START DATA FOR THIS TASK

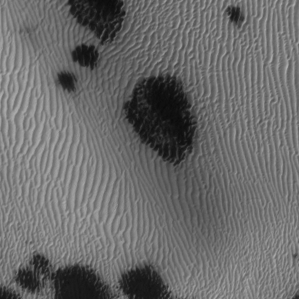
Label: frost
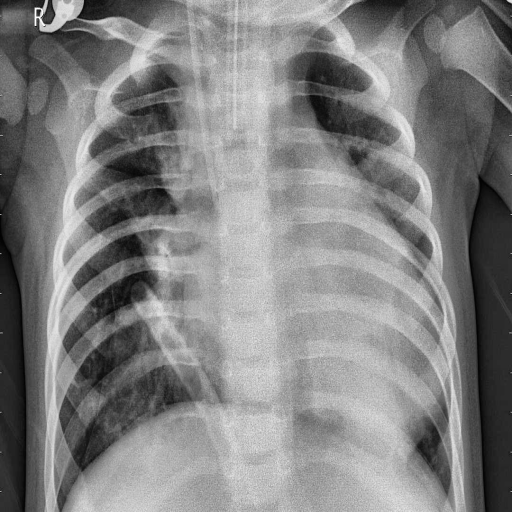
Finding: PNEUMONIA
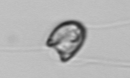
Label: flagellate_morphotype1
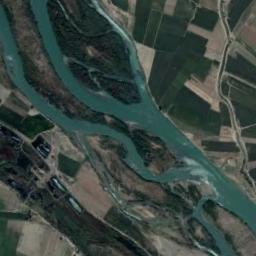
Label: river
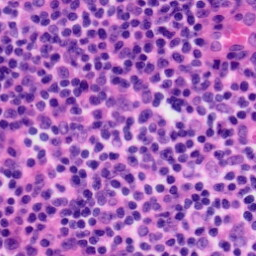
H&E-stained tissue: Tonsil
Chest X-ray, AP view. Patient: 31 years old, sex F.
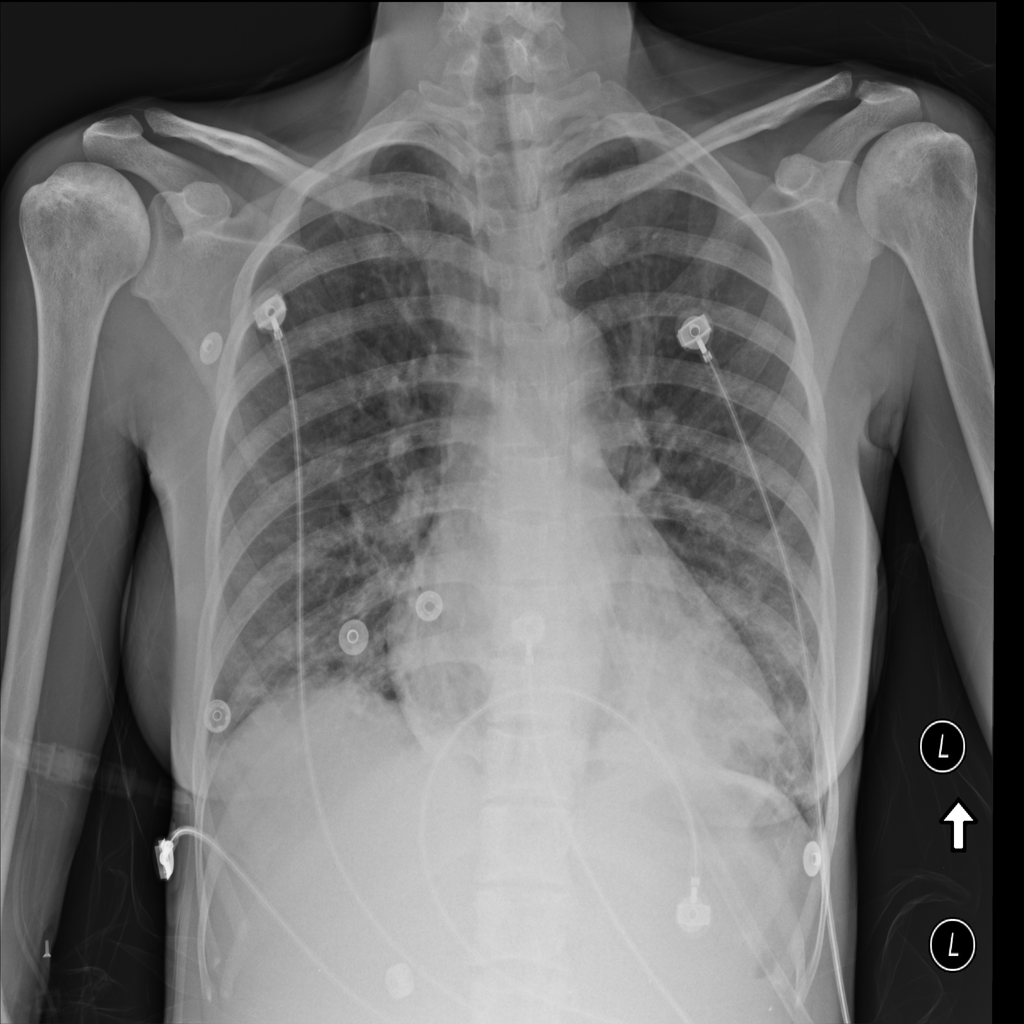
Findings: Cardiomegaly, Infiltration
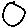
Label: circle
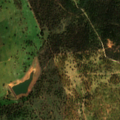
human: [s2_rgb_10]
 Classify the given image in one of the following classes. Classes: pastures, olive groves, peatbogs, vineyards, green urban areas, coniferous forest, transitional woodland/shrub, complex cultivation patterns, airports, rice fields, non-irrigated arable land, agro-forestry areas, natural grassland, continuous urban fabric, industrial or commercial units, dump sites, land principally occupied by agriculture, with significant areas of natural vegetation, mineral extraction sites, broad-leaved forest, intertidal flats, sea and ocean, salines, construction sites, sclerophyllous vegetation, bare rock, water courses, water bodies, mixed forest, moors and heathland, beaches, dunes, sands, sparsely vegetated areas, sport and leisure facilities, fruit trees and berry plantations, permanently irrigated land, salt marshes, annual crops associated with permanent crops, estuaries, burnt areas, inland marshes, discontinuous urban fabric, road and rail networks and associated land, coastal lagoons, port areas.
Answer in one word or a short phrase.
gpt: non-irrigated arable land, agro-forestry areas, broad-leaved forest
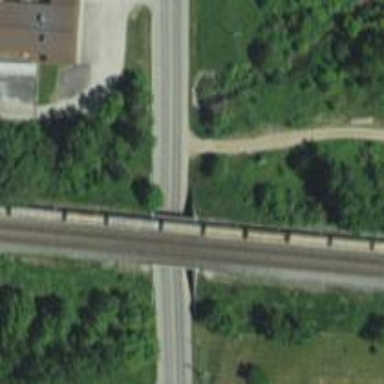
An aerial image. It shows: Railway bridge over spur service line.
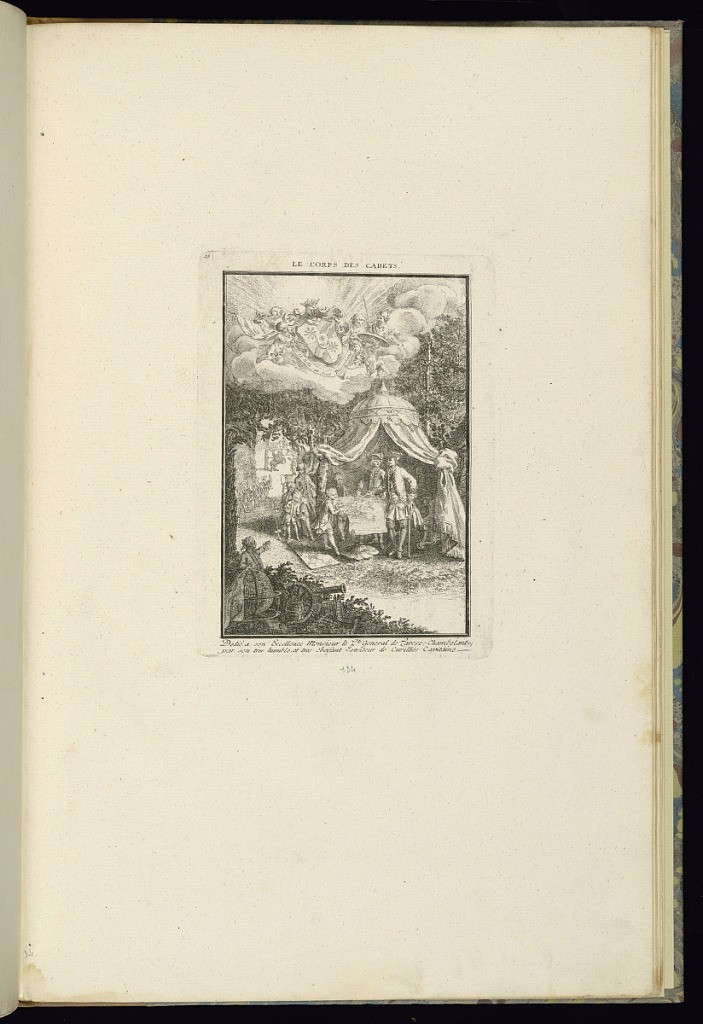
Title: Le Corps des Cadets
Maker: François de Cuvilliés the younger, German, 1731 - 1777
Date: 18th century
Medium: Etching and engraving on off-white laid paper
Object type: Print
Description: Scene showing cadets in a tent. At the top of the plate is a cloud bearing putti and a coat of arms.
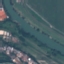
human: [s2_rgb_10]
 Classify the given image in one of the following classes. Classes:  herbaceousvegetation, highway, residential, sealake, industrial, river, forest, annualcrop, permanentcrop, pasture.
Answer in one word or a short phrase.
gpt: River
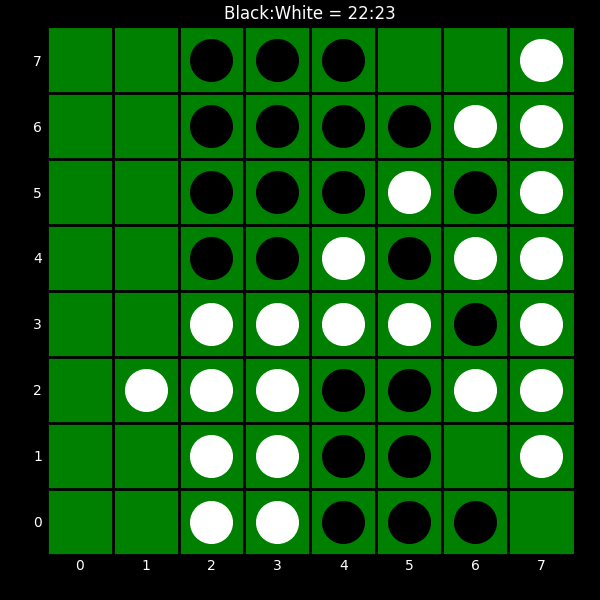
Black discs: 22
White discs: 23
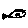
Label: fish
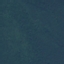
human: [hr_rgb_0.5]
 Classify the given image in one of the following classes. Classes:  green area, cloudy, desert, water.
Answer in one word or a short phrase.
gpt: green area
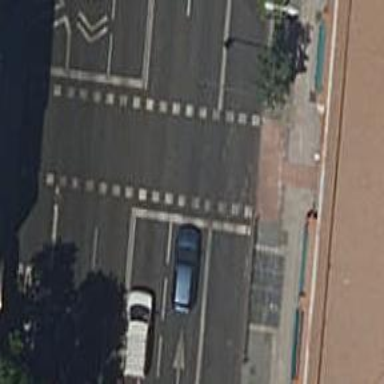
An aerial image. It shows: Secondary road with asphalt surface. There is separate sidewalk and shared lane for cycling.
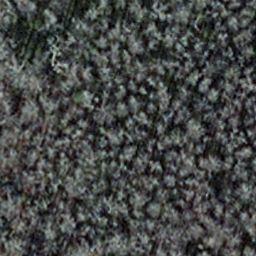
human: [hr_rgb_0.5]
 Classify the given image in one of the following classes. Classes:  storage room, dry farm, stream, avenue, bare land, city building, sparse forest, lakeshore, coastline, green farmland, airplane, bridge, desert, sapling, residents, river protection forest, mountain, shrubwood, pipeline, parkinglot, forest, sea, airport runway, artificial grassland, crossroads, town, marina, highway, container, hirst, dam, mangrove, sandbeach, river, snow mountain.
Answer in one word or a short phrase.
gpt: sapling
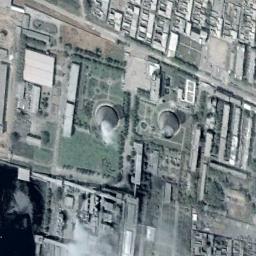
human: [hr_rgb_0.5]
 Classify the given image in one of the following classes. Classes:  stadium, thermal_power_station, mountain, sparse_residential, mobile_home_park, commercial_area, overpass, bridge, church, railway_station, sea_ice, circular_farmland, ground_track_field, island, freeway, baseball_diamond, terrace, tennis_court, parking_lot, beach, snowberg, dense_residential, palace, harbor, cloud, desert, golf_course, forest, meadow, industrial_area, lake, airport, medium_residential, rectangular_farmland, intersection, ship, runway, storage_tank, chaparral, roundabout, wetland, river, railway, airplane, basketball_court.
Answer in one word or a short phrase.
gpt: thermal_power_station
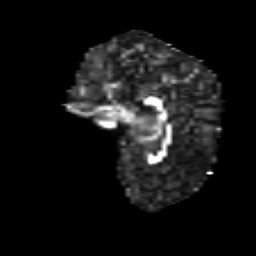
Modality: FA
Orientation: sagittal
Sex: male
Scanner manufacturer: siemens
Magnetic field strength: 3 T
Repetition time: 5 s
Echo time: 0.071 s
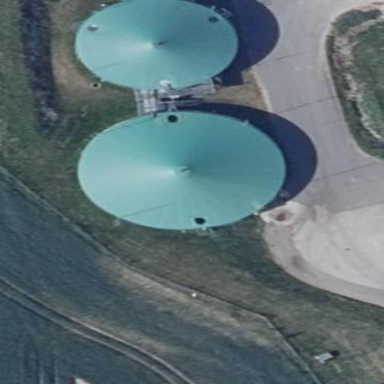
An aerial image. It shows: Storage tank with man-made structure.
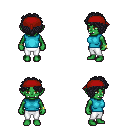
a pixel art fantasy rpg character, female body template, orc, green skin, teal sleeveless shirt, white pants, raven curly afro hairstyle, red bandana, bracelets, four views (front, back, left, right), 2x2 character sprite sheet, small pixel art, hard edges, no anti-aliasing
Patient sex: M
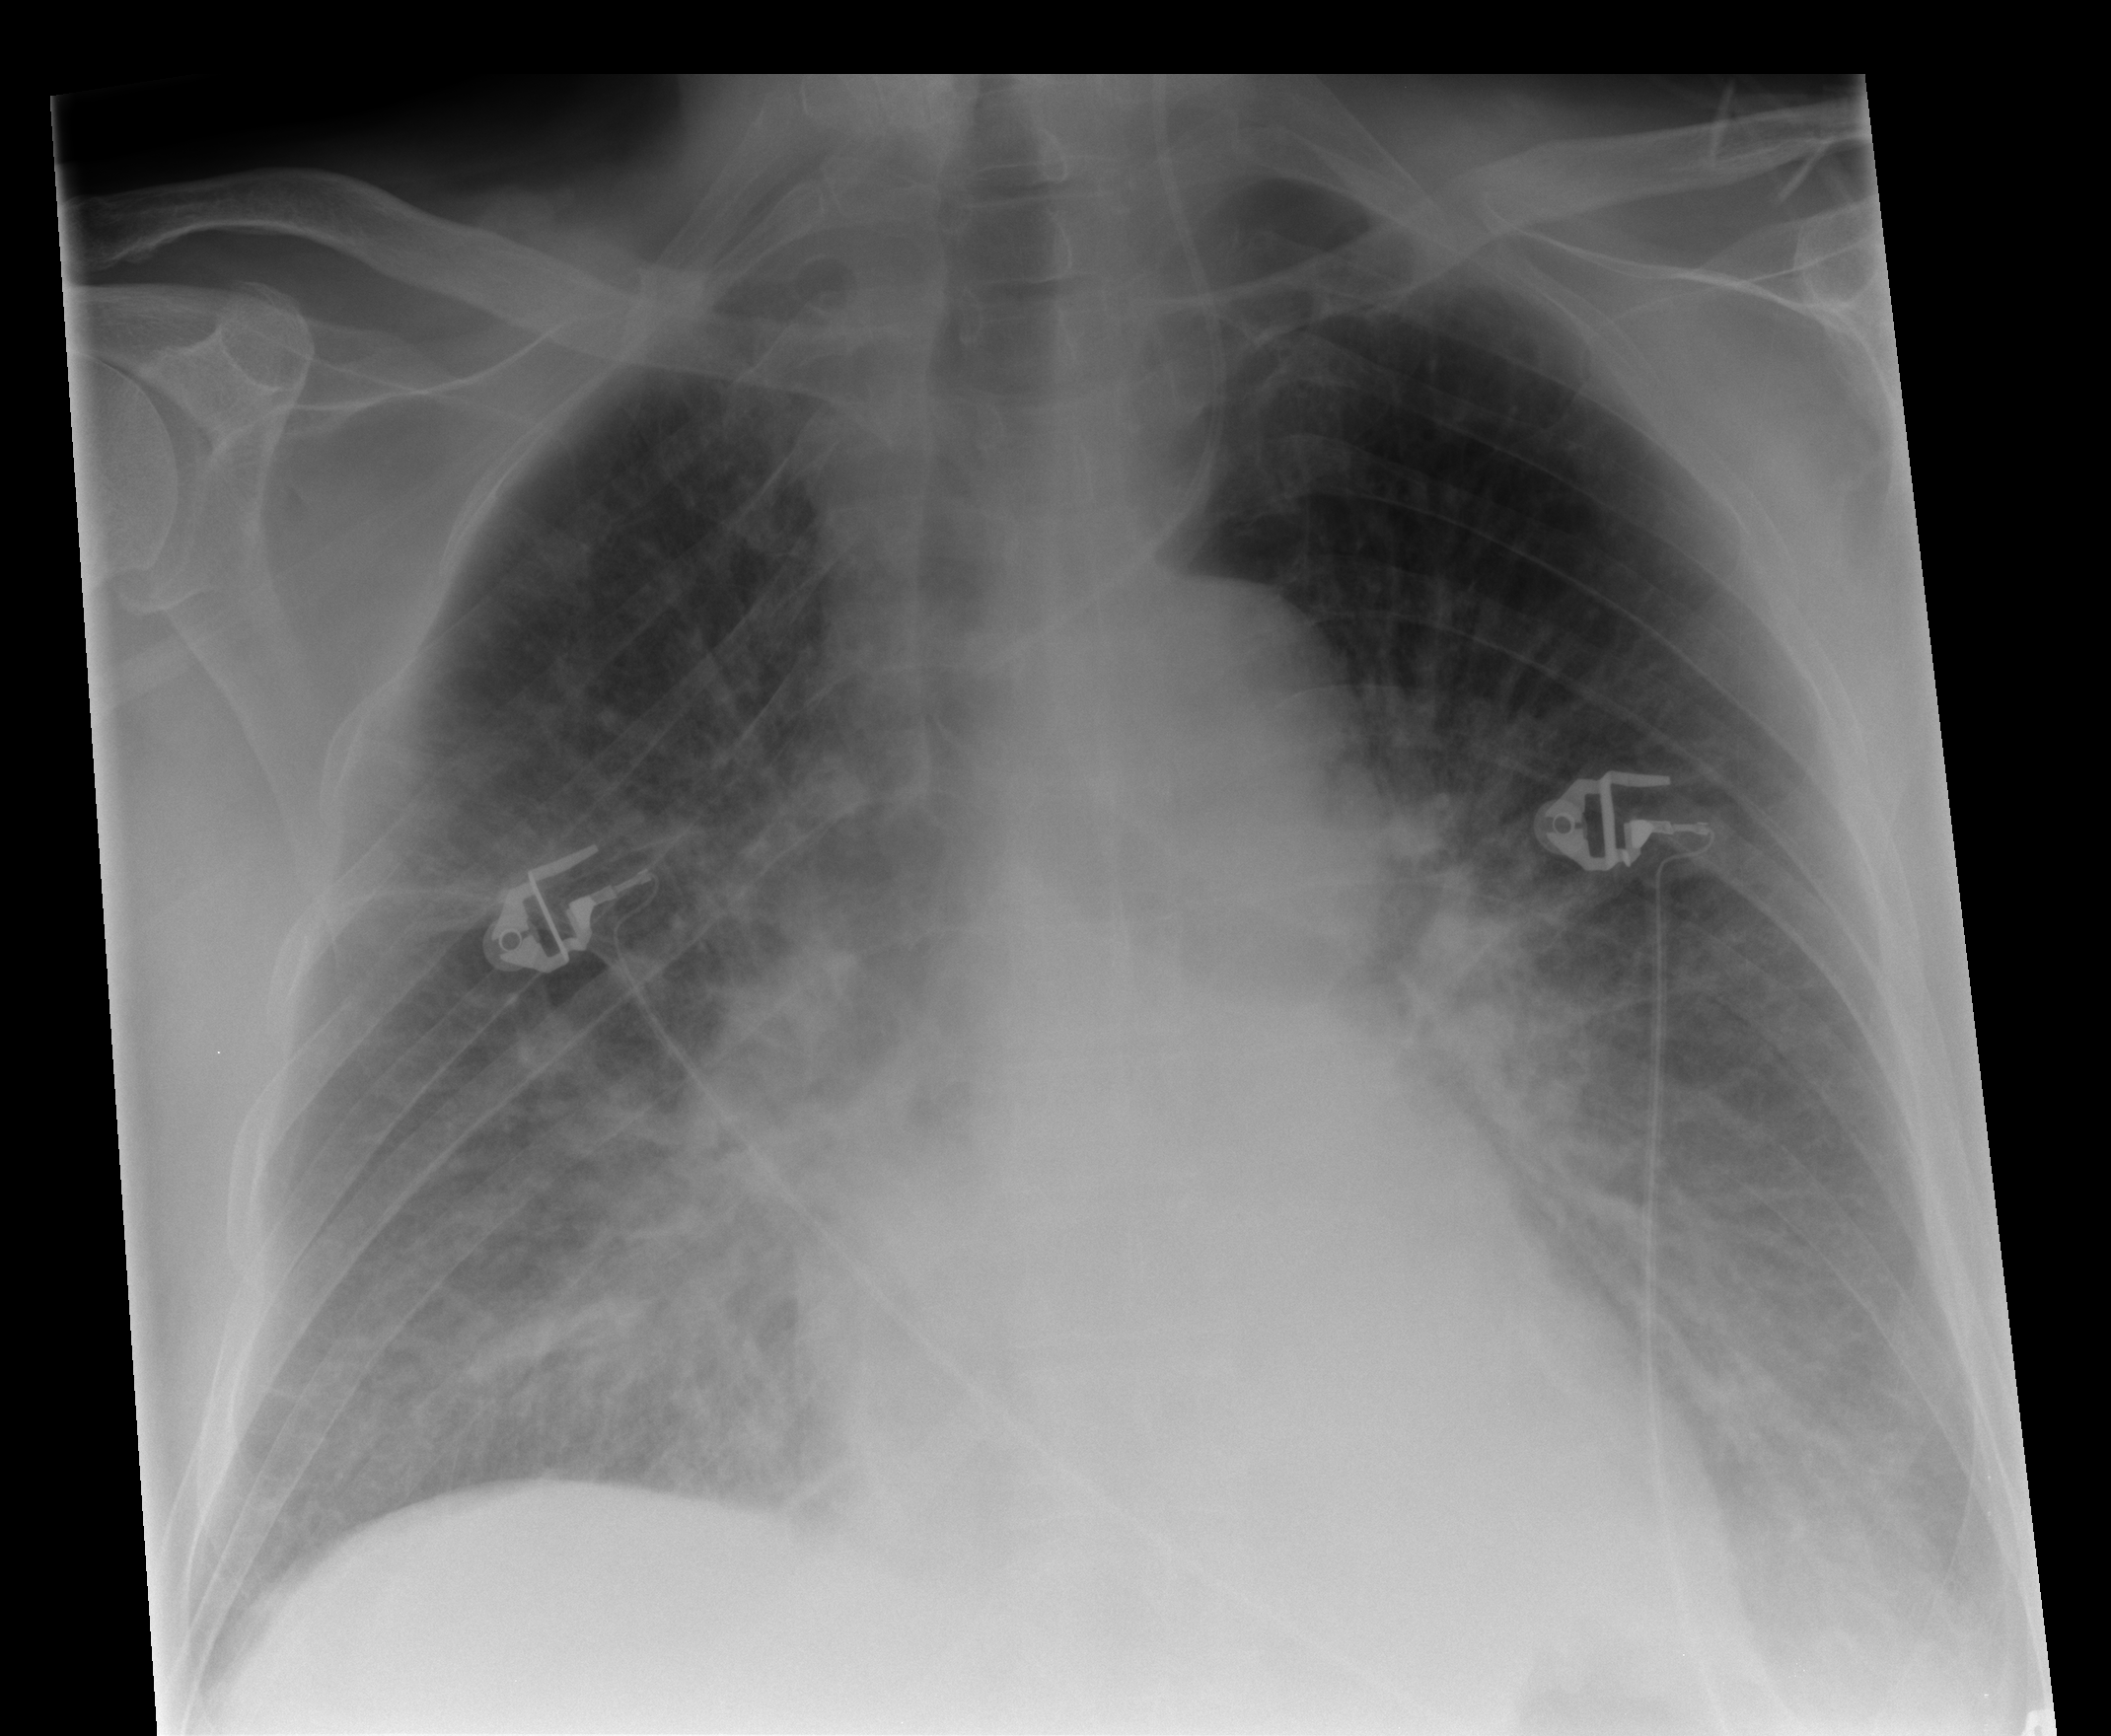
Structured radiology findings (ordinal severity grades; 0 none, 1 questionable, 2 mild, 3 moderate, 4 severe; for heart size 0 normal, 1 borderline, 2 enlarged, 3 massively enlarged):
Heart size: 1
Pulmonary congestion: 3
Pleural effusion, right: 0
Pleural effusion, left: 2
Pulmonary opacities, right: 3
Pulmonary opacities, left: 3
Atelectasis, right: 2
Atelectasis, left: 2

END DATA FOR THIS TASK

**TASK DIRECTIONS**
When a line in the records above holds "sapling", that line is to be reported.

**SOLVED PROBLEM**
 Classify the given image in one of the following classes. Classes:  storage room, dry farm, stream, avenue, bare land, city building, sparse forest, lakeshore, coastline, green farmland, airplane, bridge, desert, sapling, residents, river protection forest, mountain, shrubwood, pipeline, parkinglot, forest, sea, airport runway, artificial grassland, crossroads, town, marina, highway, container, hirst, dam, mangrove, sandbeach, river, snow mountain.
gpt: sapling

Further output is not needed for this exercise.